(Stored data)

Content starts

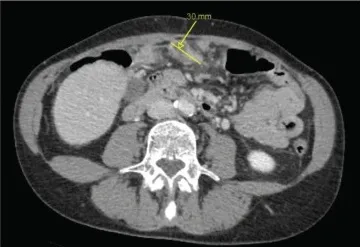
CT scan of the chest, including part of the superior abdomen, performed to complete staging after 2 weeks from the first CT scan, shows a dimensional and numerical reduction of peritoneal lesions [measures shown by yellow callipers in.
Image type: radiology (ct)
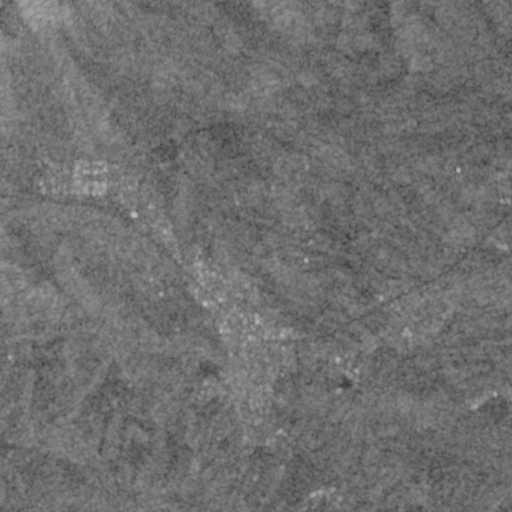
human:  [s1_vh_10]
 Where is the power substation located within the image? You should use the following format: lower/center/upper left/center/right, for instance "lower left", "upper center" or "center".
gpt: The power substation is located in the upper left of the image.
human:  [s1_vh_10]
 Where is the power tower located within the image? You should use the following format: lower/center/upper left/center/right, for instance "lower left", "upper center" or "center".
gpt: The power tower is located in the upper left of the image.
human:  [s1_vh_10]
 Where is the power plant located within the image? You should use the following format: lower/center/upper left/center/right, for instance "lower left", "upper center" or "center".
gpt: There is no power plant in the image.

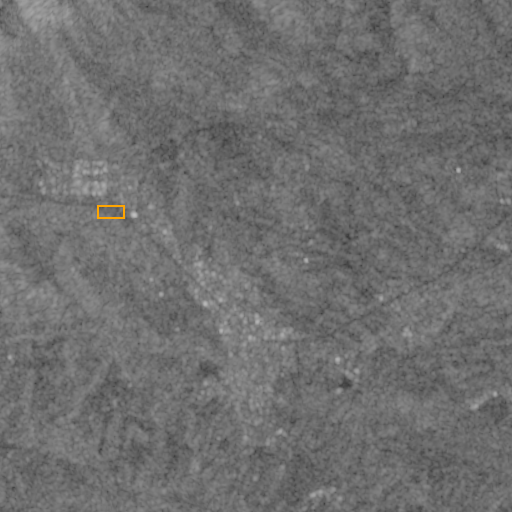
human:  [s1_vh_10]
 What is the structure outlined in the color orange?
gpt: The structure outlined in orange is a park.
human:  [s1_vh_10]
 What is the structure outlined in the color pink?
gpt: There is no pink outline.
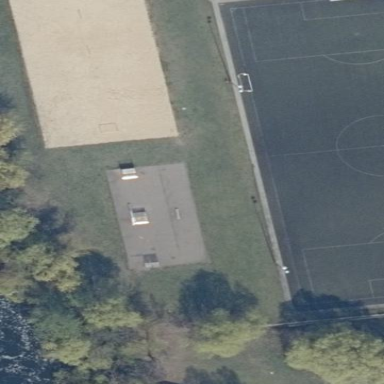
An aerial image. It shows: Grass pitch used for BMX sports activities.
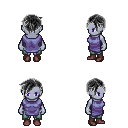
a pixel art fantasy rpg character, female body template, dark elf, purple skin, chain tabard jacket, teal pants, gray pixie cut hairstyle, maroon shoes, four views (front, back, left, right), 2x2 character sprite sheet, small pixel art, hard edges, no anti-aliasing
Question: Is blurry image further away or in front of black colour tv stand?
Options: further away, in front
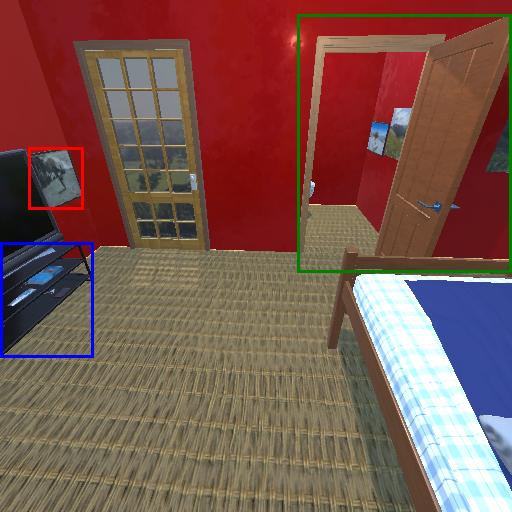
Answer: further away
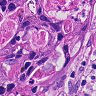
Metastatic tissue present: yes
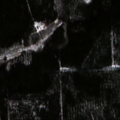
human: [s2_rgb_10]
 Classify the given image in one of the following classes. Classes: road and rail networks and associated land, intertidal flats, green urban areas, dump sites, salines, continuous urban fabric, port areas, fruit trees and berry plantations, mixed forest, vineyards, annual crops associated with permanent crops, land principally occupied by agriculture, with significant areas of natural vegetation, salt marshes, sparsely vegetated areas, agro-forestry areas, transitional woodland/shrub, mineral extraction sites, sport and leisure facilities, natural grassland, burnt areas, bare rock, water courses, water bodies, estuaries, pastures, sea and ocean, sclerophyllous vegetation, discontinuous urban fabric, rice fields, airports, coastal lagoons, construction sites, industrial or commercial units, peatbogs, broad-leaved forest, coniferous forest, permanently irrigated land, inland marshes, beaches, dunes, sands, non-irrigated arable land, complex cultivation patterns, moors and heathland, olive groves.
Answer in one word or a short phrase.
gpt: land principally occupied by agriculture, with significant areas of natural vegetation, coniferous forest, mixed forest, transitional woodland/shrub
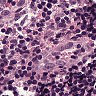
Metastatic tissue present: no
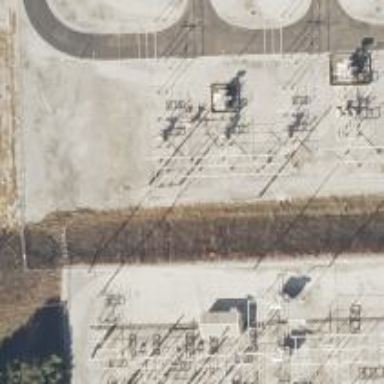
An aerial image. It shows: Switch used for power control.
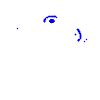
Particle: kaon
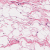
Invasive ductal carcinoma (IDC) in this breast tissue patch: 0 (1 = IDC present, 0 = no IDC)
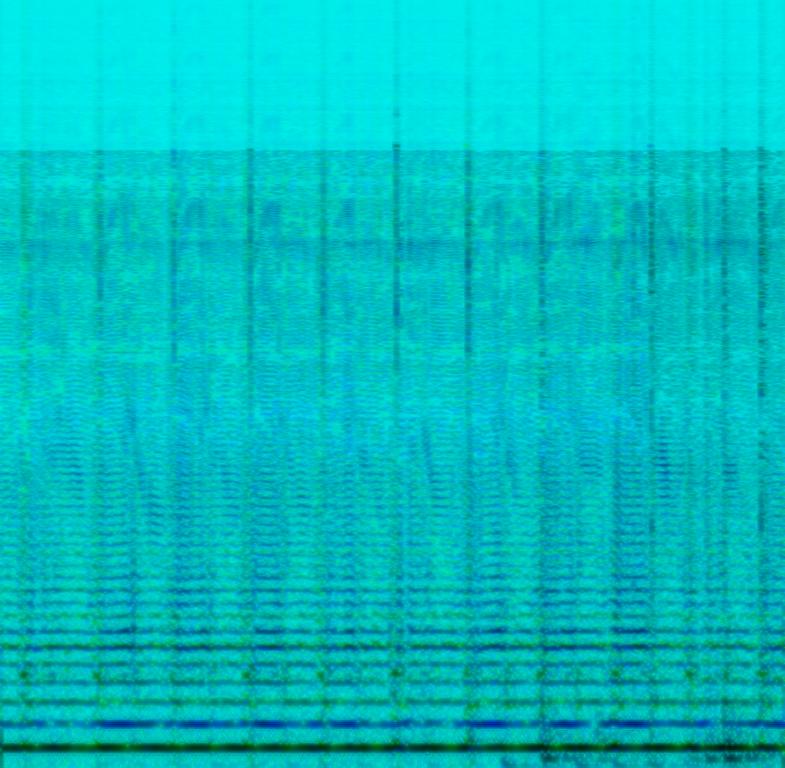
This music is instrumental. The tempo is fast with a continuous droning harmony of the Didgeridoo and rhythmic beats of a small hand percussion.The music is unique, deep, droning, buzzing, hypnotic, psychedelic and incessant. This music is a Didgeridoo instrumental.
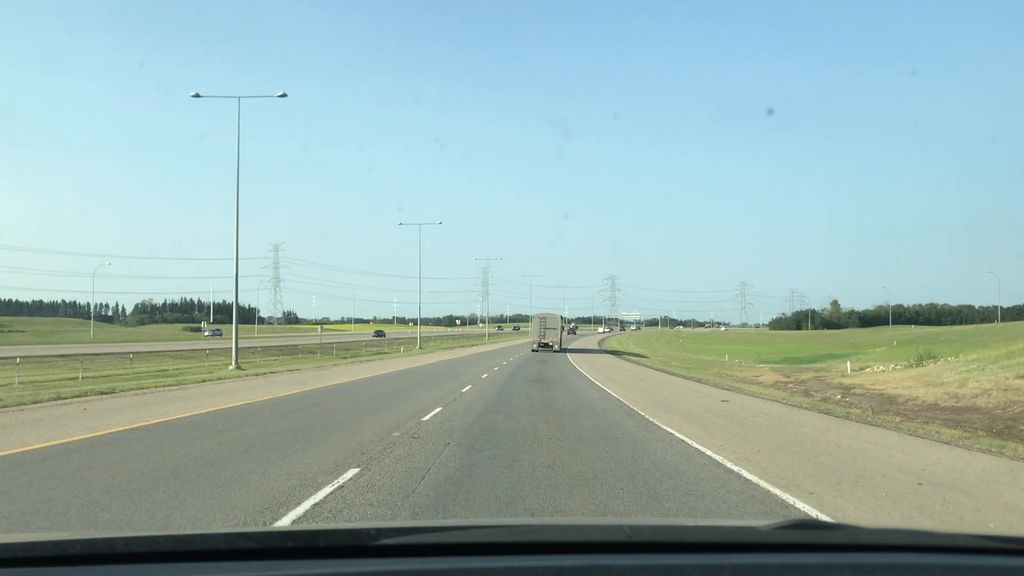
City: edmonton
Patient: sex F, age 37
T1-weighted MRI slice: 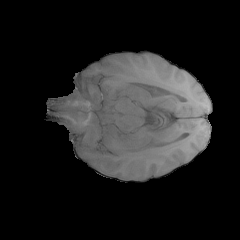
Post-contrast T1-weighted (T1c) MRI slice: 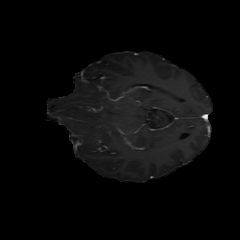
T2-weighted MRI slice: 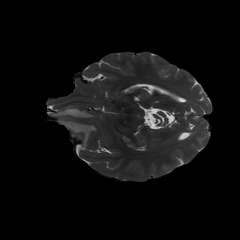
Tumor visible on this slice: yes
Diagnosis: Glioblastoma, IDH-wildtype
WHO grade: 4
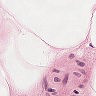
Metastatic tissue present: no
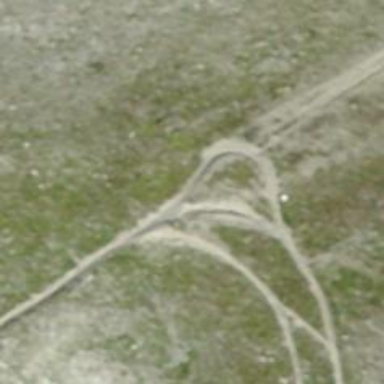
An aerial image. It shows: Dirt path.
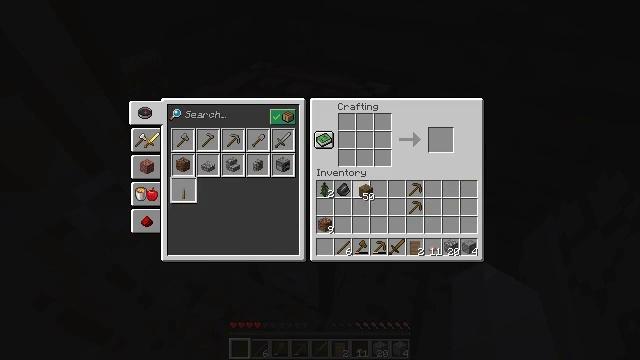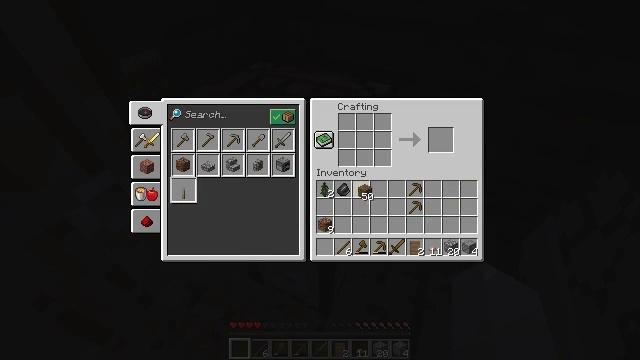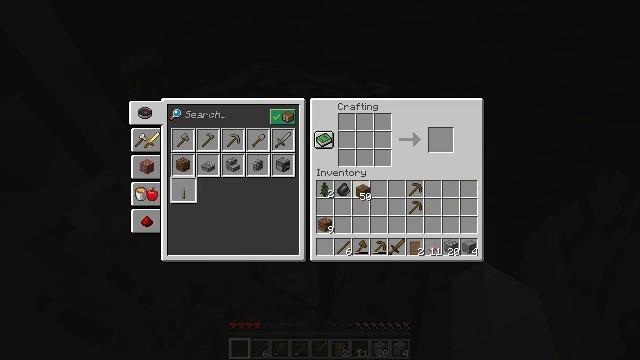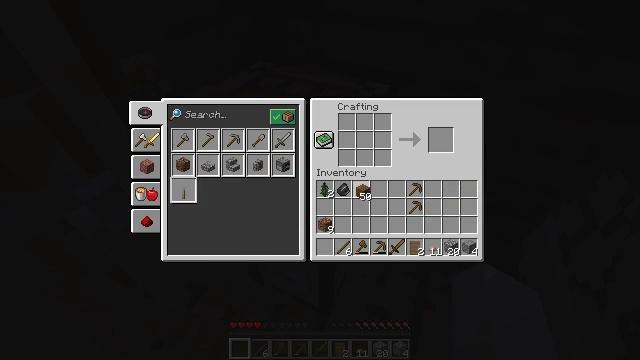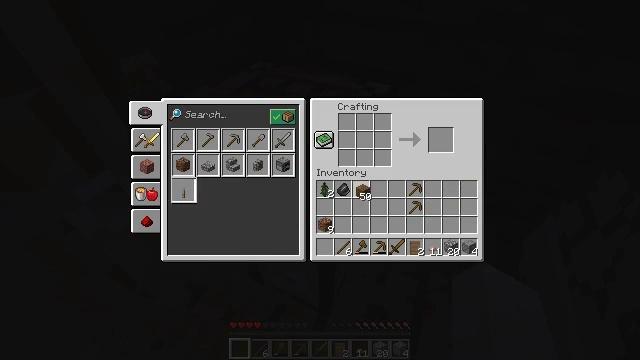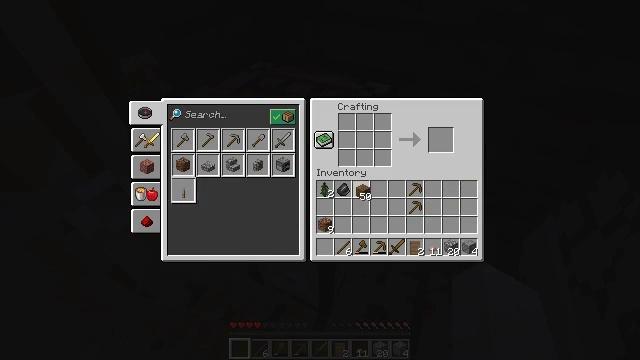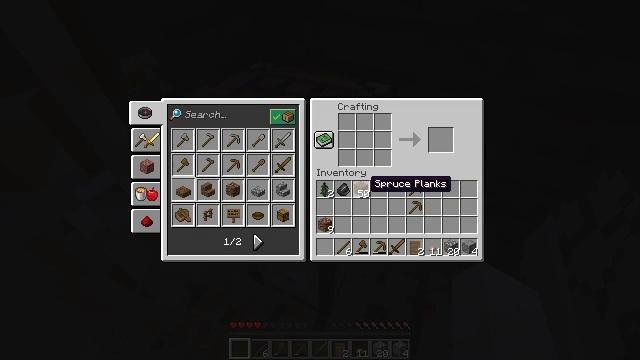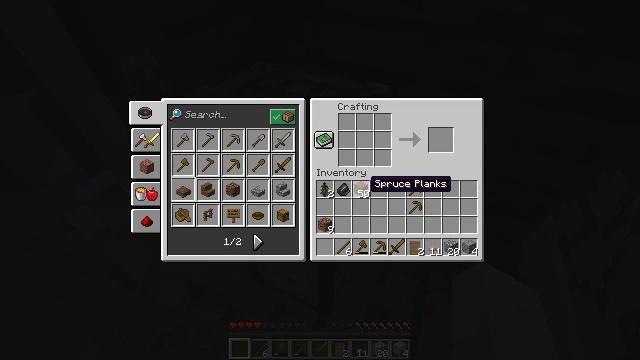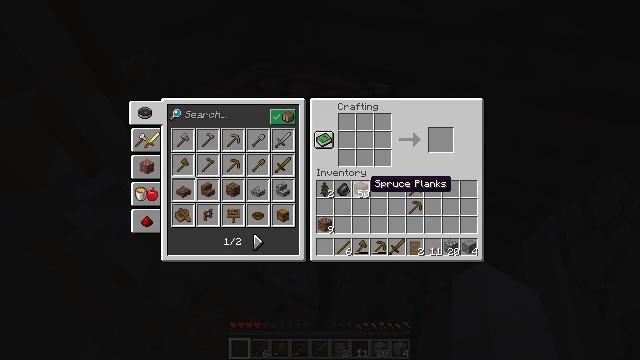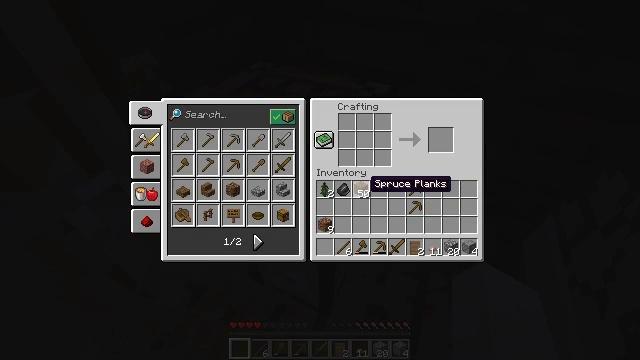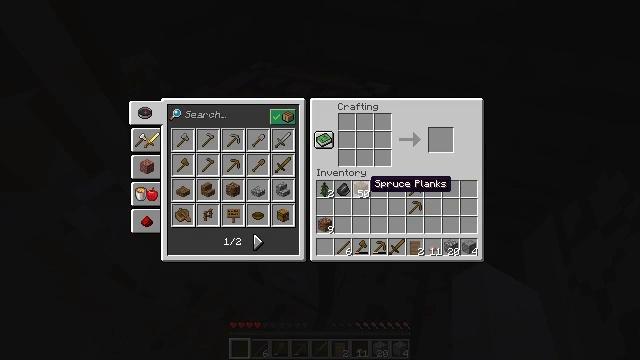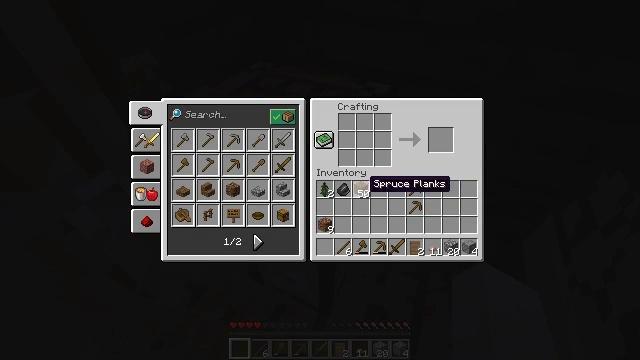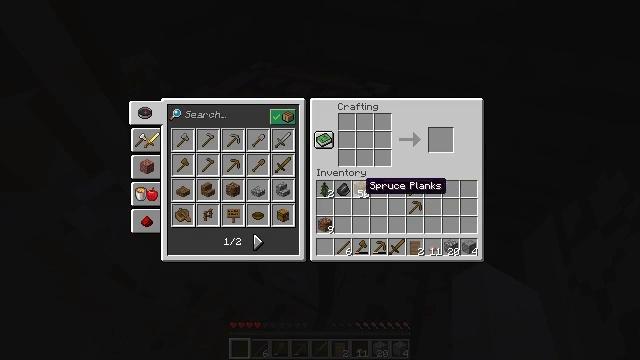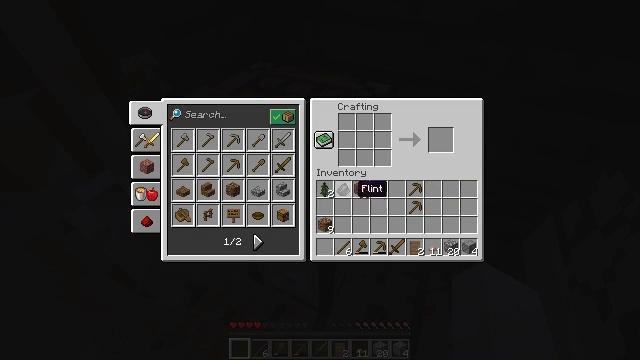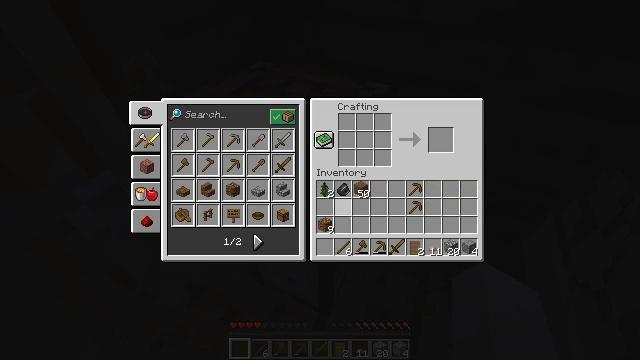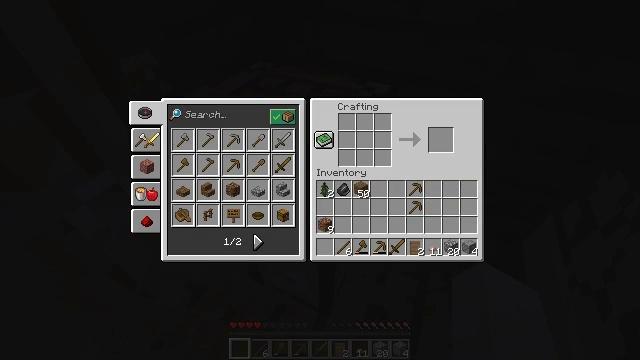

Content ends

What to produce:
Going from the line holding "Patient: sex F, age 37" to the last line of the data above, reproduce every line exactly, both included, with the pictures omitted.

Expected output:
Patient: sex F, age 37
T1-weighted MRI slice: 
Post-contrast T1-weighted (T1c) MRI slice: 
T2-weighted MRI slice: 
Tumor visible on this slice: yes
Diagnosis: Glioblastoma, IDH-wildtype
WHO grade: 4
Metastatic tissue present: no
An aerial image. It shows: Dirt path.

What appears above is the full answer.